From 4e994f13022e7a0a38d93403a246468964f0ce54 Mon Sep 17 00:00:00 2001
From: Frances Hocutt <fhocutt@wikimedia.org>
Date: Tue, 22 Dec 2015 15:56:27 -0800
Subject: [PATCH] Refactor turnitin.py, incorporate diff link/timestamp

* Add a wiki timestamp parser to copyvios/misc.py
* Refactor copyvios/turnitin.py for more sensible structure
* Update templates/index.mako to incorporate diff link/timestamp and
  make it clearer that Turnitin is revision-based checking
---
 copyvios/misc.py     |  4 +++
 copyvios/turnitin.py | 70 ++++++++++++++++++++++++----------------------------
 templates/index.mako |  5 +---
 3 files changed, 37 insertions(+), 42 deletions(-)

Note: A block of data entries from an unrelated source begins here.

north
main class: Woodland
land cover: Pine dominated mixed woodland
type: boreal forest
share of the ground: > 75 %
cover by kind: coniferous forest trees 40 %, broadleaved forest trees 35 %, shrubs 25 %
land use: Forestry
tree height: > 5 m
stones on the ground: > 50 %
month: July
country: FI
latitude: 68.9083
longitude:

diff --git a/copyvios/misc.py b/copyvios/misc.py
index 045386a..9c4d824 100644
--- a/copyvios/misc.py
+++ b/copyvios/misc.py
@@ -1,5 +1,6 @@
 # -*- coding: utf-8  -*-
 
+import datetime
 from os.path import expanduser
 
 from flask import g, request
@@ -64,6 +65,9 @@ def httpsfix(context, url):
         url = url[len("http:"):]
     return url
 
+def parse_wiki_timestamp(timestamp):
+    return datetime.datetime.strptime(timestamp, '%Y%m%d%H%M%S')
+
 def urlstrip(context, url):
     if url.startswith("http://"):
         url = url[7:]
diff --git a/copyvios/turnitin.py b/copyvios/turnitin.py
index 801b312..07a3b8a 100644
--- a/copyvios/turnitin.py
+++ b/copyvios/turnitin.py
@@ -4,6 +4,8 @@ import re
 
 import requests
 
+from .misc import parse_wiki_timestamp
+
 __all__ = ['search_turnitin', 'TURNITIN_API_ENDPOINT']
 
 TURNITIN_API_ENDPOINT = 'http://tools.wmflabs.org/eranbot/plagiabot/api.py'
@@ -15,13 +17,9 @@ def search_turnitin(page_title, lang):
     page_title -- string containing the page title
     lang       -- string containing the page's project language code
 
-    Return a TurnitinResult (containing a list of TurnitinReports, with
-    report ID and source data).
+    Return a TurnitinResult (contains a list of TurnitinReports).
     """
-    turnitin_data = _parse_plagiabot_result(_make_api_request(
-        page_title, lang))
-    turnitin_result = TurnitinResult(turnitin_data)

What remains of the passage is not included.